## Records to use

=======

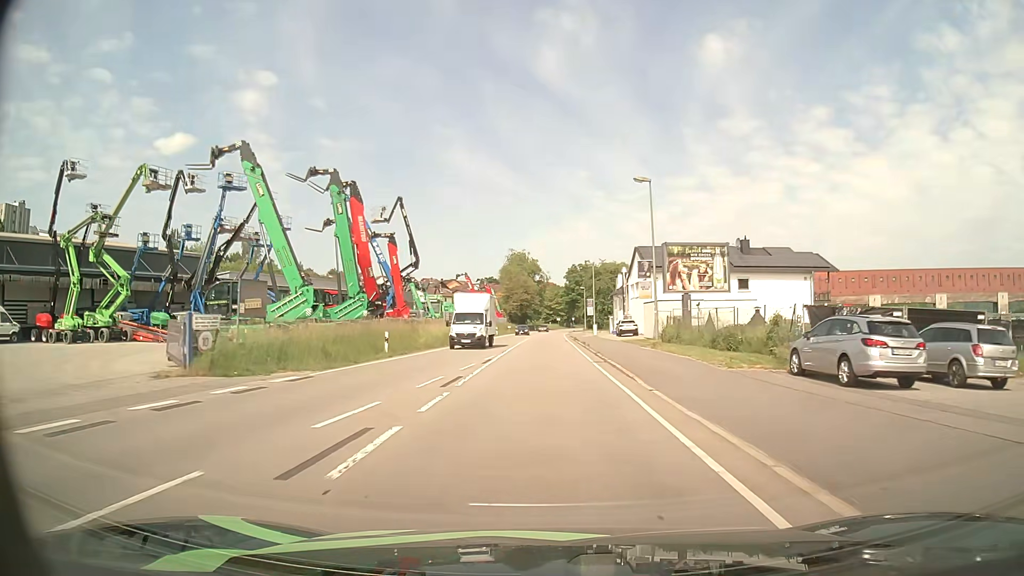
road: primary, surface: asphalt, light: Day
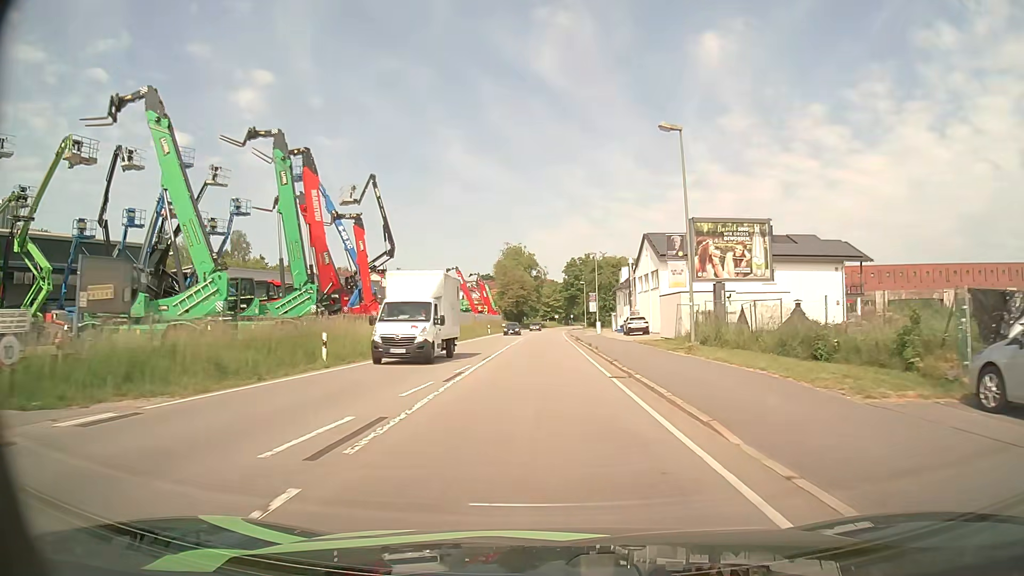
(0.0, +8.2) m; 0°
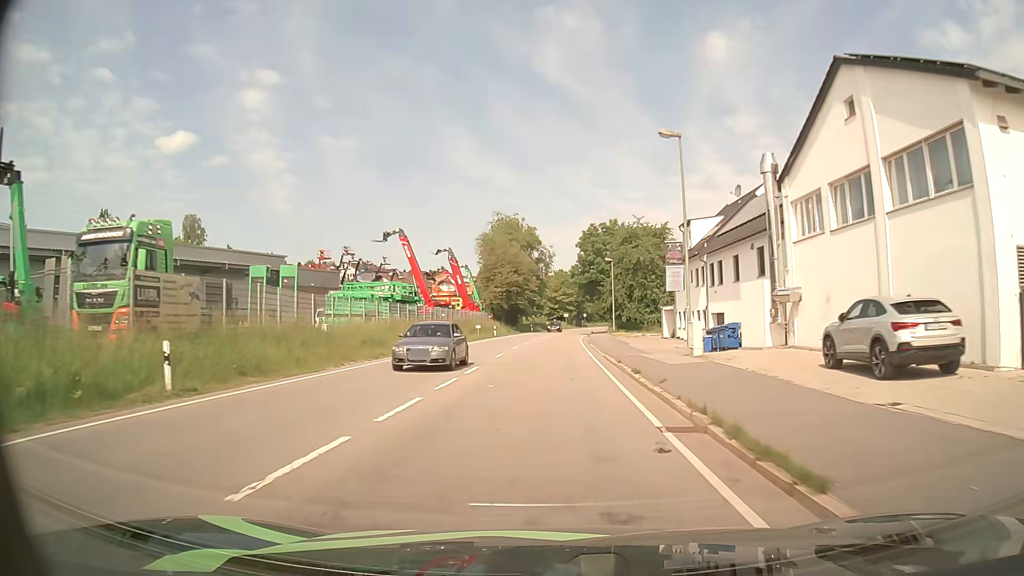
(+0.1, +42.4) m; -1°
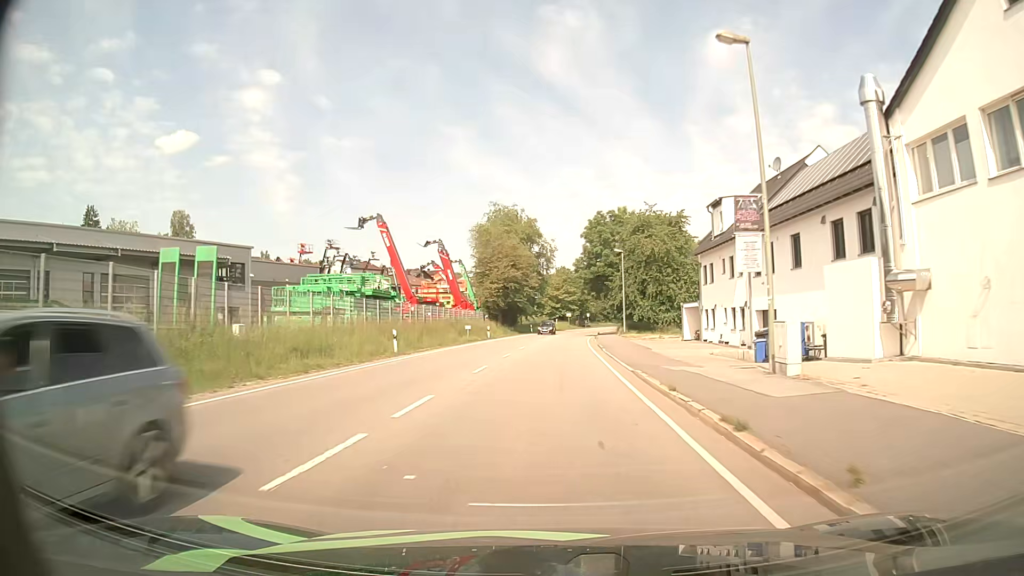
(0.0, +8.8) m; 0°
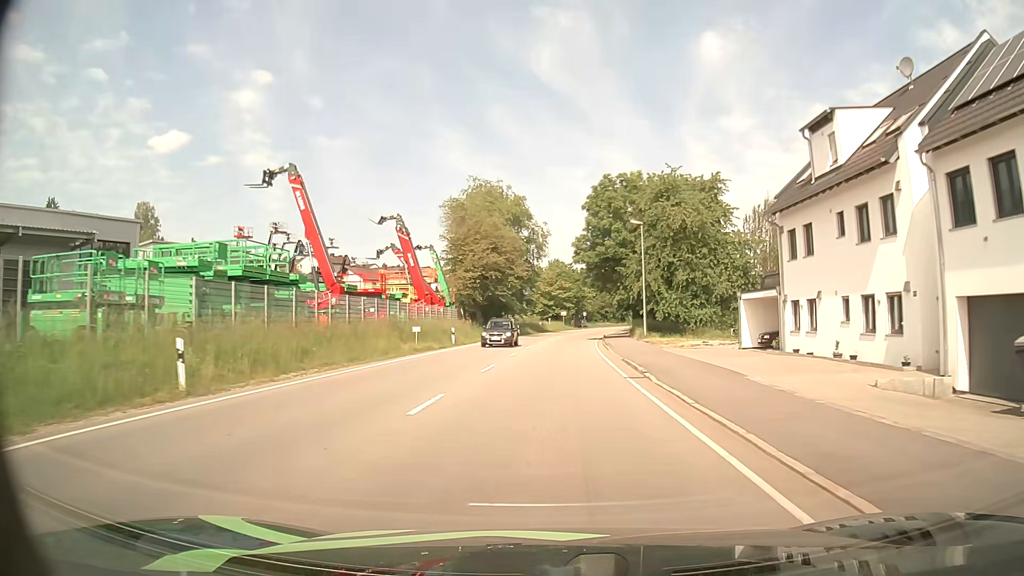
(0.0, +17.8) m; 0°
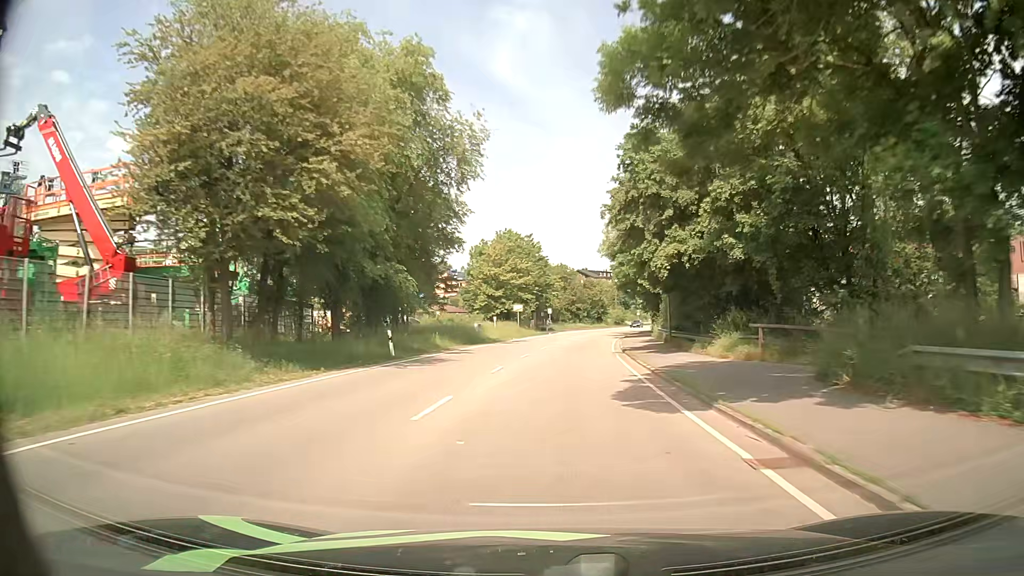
(+1.2, +45.9) m; +3°
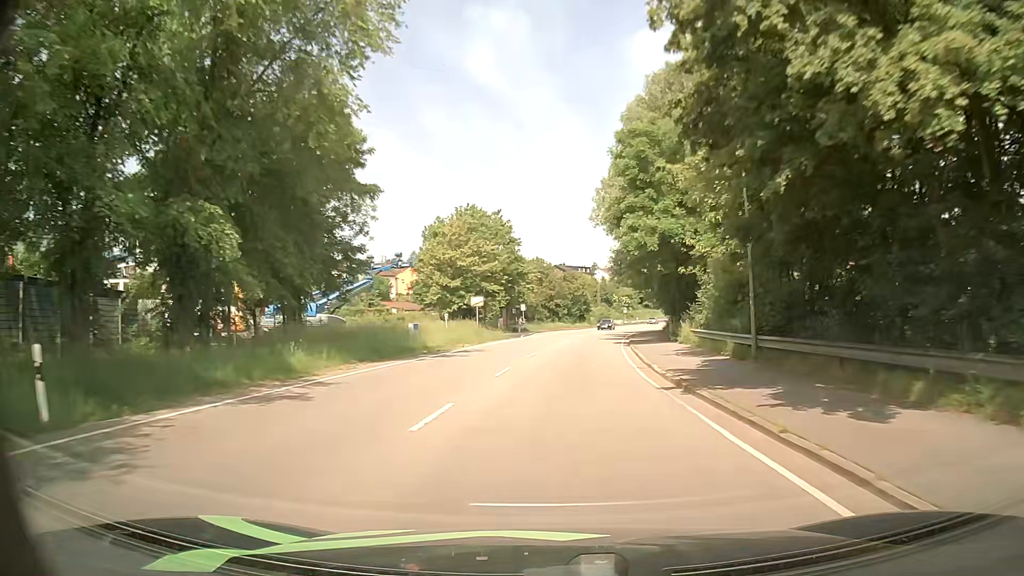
(+0.3, +19.0) m; +3°
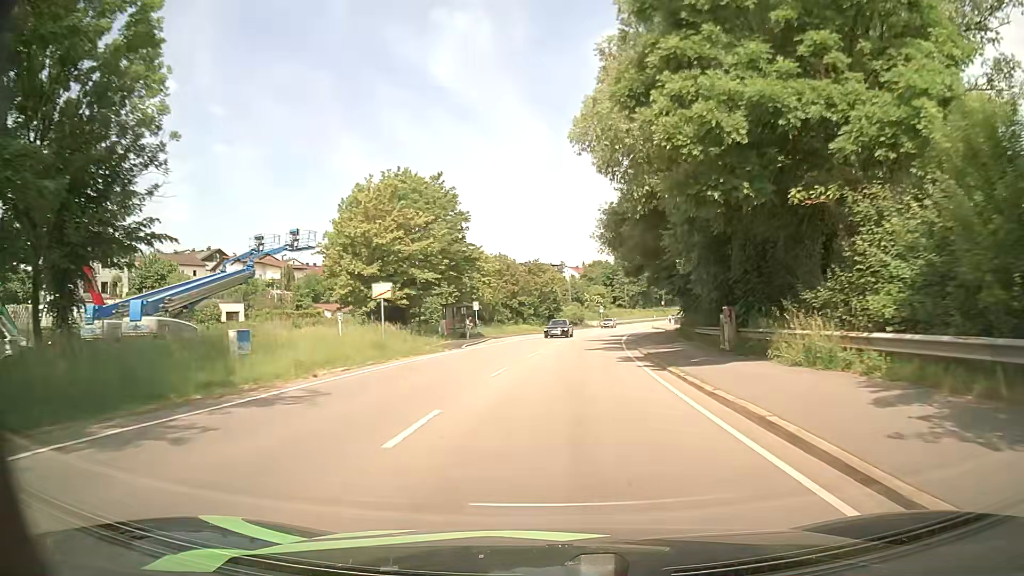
(+0.3, +19.3) m; +2°
(0, +10) (+1, +20) (+1, +30) (+3, +40) (+4, +50) (+5, +60) (+7, +70) (+9, +79) (+11, +89) (+13, +99) m

=======

## About this exercise
Please copy out the whole listing exactly, minus its pictures.

## Written response
road: primary, surface: asphalt, light: Day
(0.0, +8.2) m; 0°
(+0.1, +42.4) m; -1°
(0.0, +8.8) m; 0°
(0.0, +17.8) m; 0°
(+1.2, +45.9) m; +3°
(+0.3, +19.0) m; +3°
(+0.3, +19.3) m; +2°
(0, +10) (+1, +20) (+1, +30) (+3, +40) (+4, +50) (+5, +60) (+7, +70) (+9, +79) (+11, +89) (+13, +99) m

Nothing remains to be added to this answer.